Insofar as Gasché's presentations of Heidegger and Arendt make plain the dependencies of their accounts of Besinnung and judgment on dialogue (108), words (110-111), and naming (111-112), there is also the question of the place of language itself, explored as logos in the Aristotle section, in the political thinking elucidated in the book's later sections. On Gasché's account, the essential relatedness to world of Heideggerian Besinnung is made manifest in and through speech (71, also 69, 87, 11). Similarly, for Arendt, for whom what matters is meaning not truth (175), and for whom the world of politics is a world of persuasion, peithein (156, 211) insofar as "persuasion is required for judgments themselves to be productive of community" even as persuasion "presupposes a political community of citizens and takes place in the public space" (211). Indeed, for Arendt, only "a judgment that meets the condition of communicability is in a position to demand others to agree with it" (209), and the "being-together" that makes up "the open space of the world, that is, the public and political realm," is a sociability that consists of communicating (215). If, as it appears, Heidegger and Arendt also, along with Aristotle, take logos to be a condition of the possibility of world (119), then treating the book's three parts as independent of one another means not putting these thinkers into conversation about the primordiality they all give to speech and/or language. This feels like a missed opportunity.

For all three thinkers, words make worlds, as Gasché explains and also exemplifies when, though he includes "persuasion" in his book's title, he largely refuses to use that word when discussing Aristotle, choosing rather to write about "rhetoric," claiming that, for Aristotle, "the art of speech does not consist in inducing persuasion but in providing its audience with ways to make up its mind" (24). Similarly, in the case of "reflection" which, while it, too, appears in the title, is, for the most part, discarded in the part of the book devoted to Heidegger because Gasché, following Heidegger, takes the Latinate "reflection," with its "dependency on subjectivity and consciousness," to be an inadequate translation of Besinnung (130). Leaving to one side here the content and force of Gasché's distinction between persuading and providing ways to make up one's mind, and the relations among Latin, German, Greek, and English, these examples suggest that for Gasché, as for Aristotle, Heidegger, and Arendt, words, in Heidegger's usage, "world." This is why Heidegger calls language "the house of being" and why, too, Arendt, following Aristotle, understands speech as that which makes a being political, a zoon politikon.

By way of generous and sensitive readings, Persuasion, Reflection, Judgment depicts, while not, however, quite performing, how, for Arendt, Heidegger, and Aristotle, political thinking is building, preserving, and caring for worlds that we create and sustain discursively.
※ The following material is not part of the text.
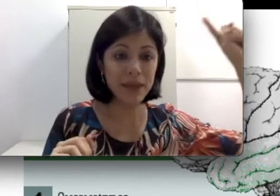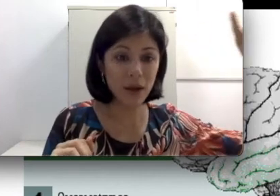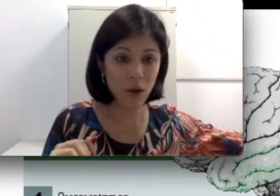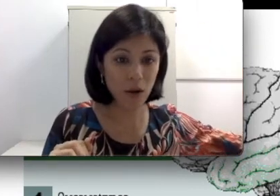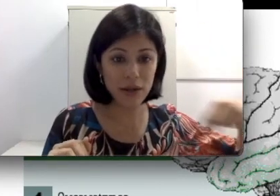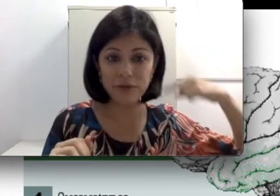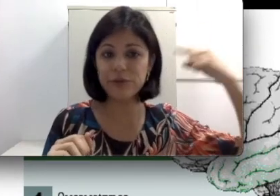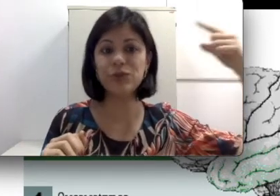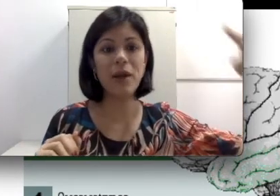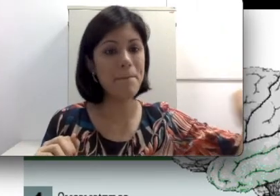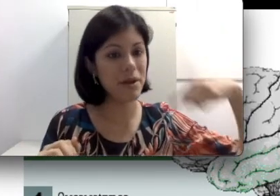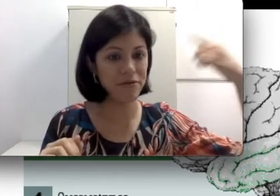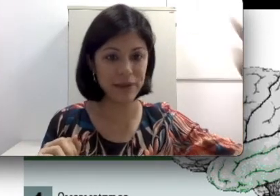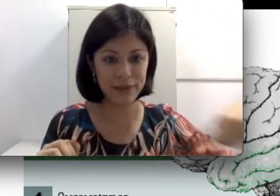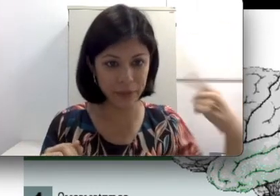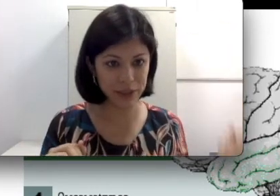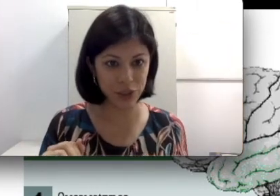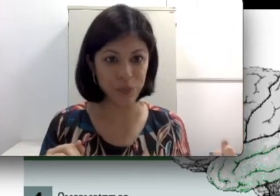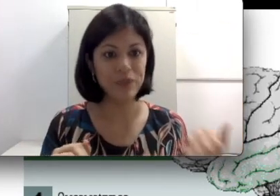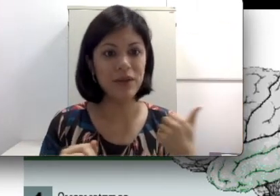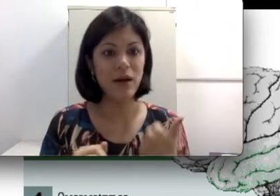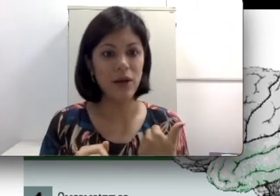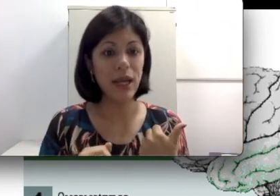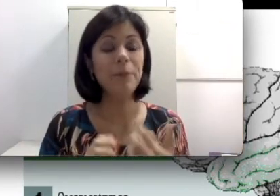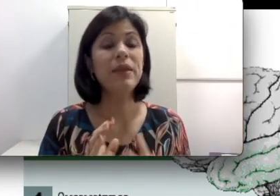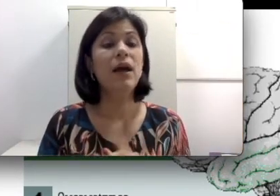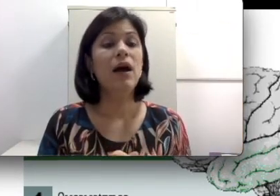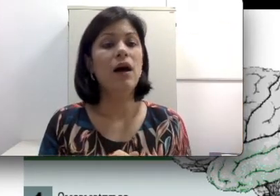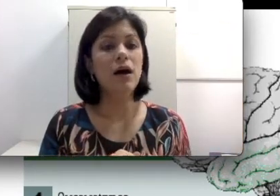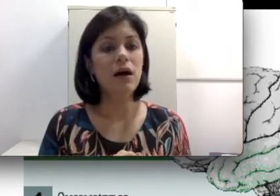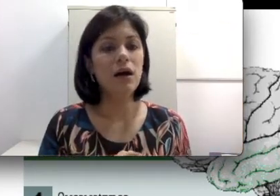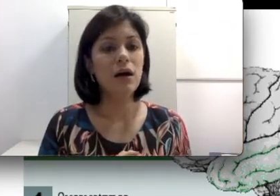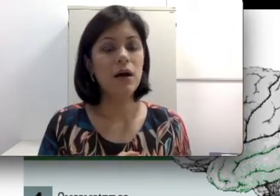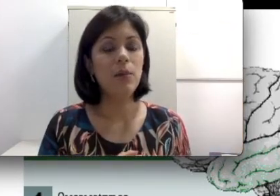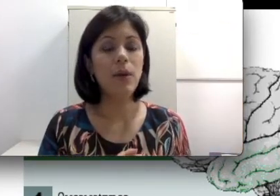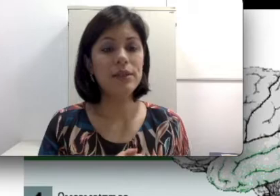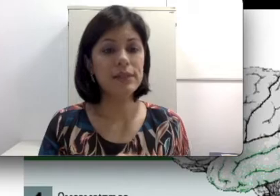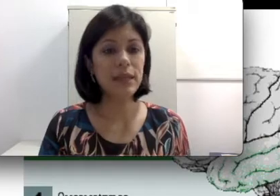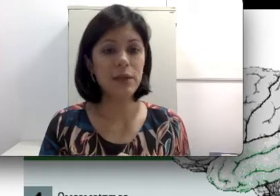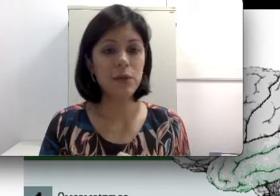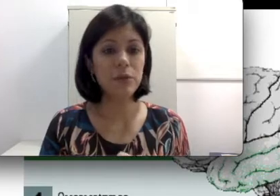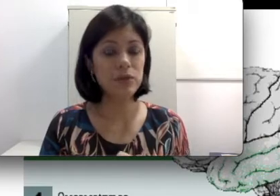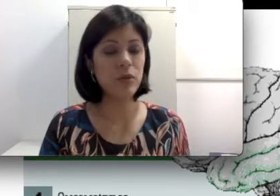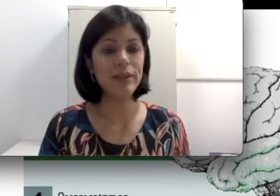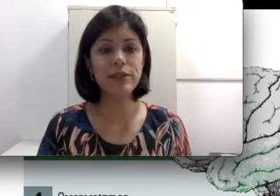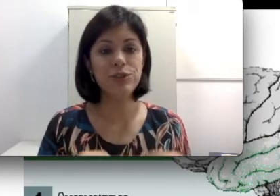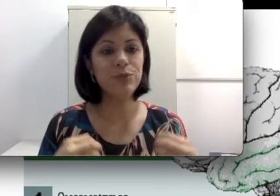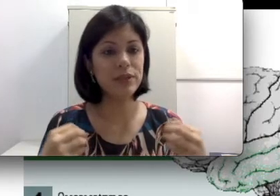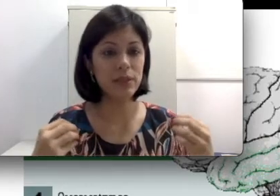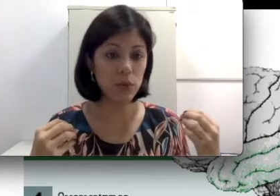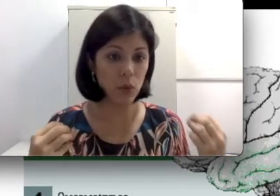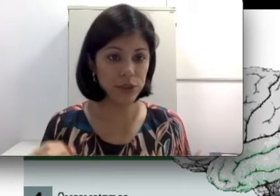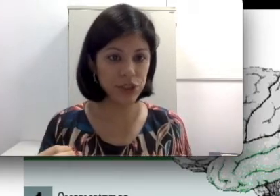cóclea que funciona perfeitamente. Pode ser que alguma pessoa tenha tido, por exemplo,

Insofar as for all three thinkers, wordlessness is a kind of worldlessness, their shared concern about the possibility "for human beings of having a world together" critically depends on speech. Indeed, as Arendt insists, following Aristotle, only where there is speech in the mode of persuasion can the muteness of violence be avoided (212). It is because speech makes and sustains political worlds, that such worlds are fragile. Seen in this way, political thinking as/in discursive activity, whether in the mode of persuasion, reflection, or judgment, is not "in the service" of a philosophy adequate to world. Nor is it "ancillary" to a thinkingly lived life. Rather, political thinking as/in discursive activity is "necessary enough to become constitutive," not least because, if we aim to avoid violence when it comes to potentializing and actualizing our precarious political worlds, intermediating logos is all we have.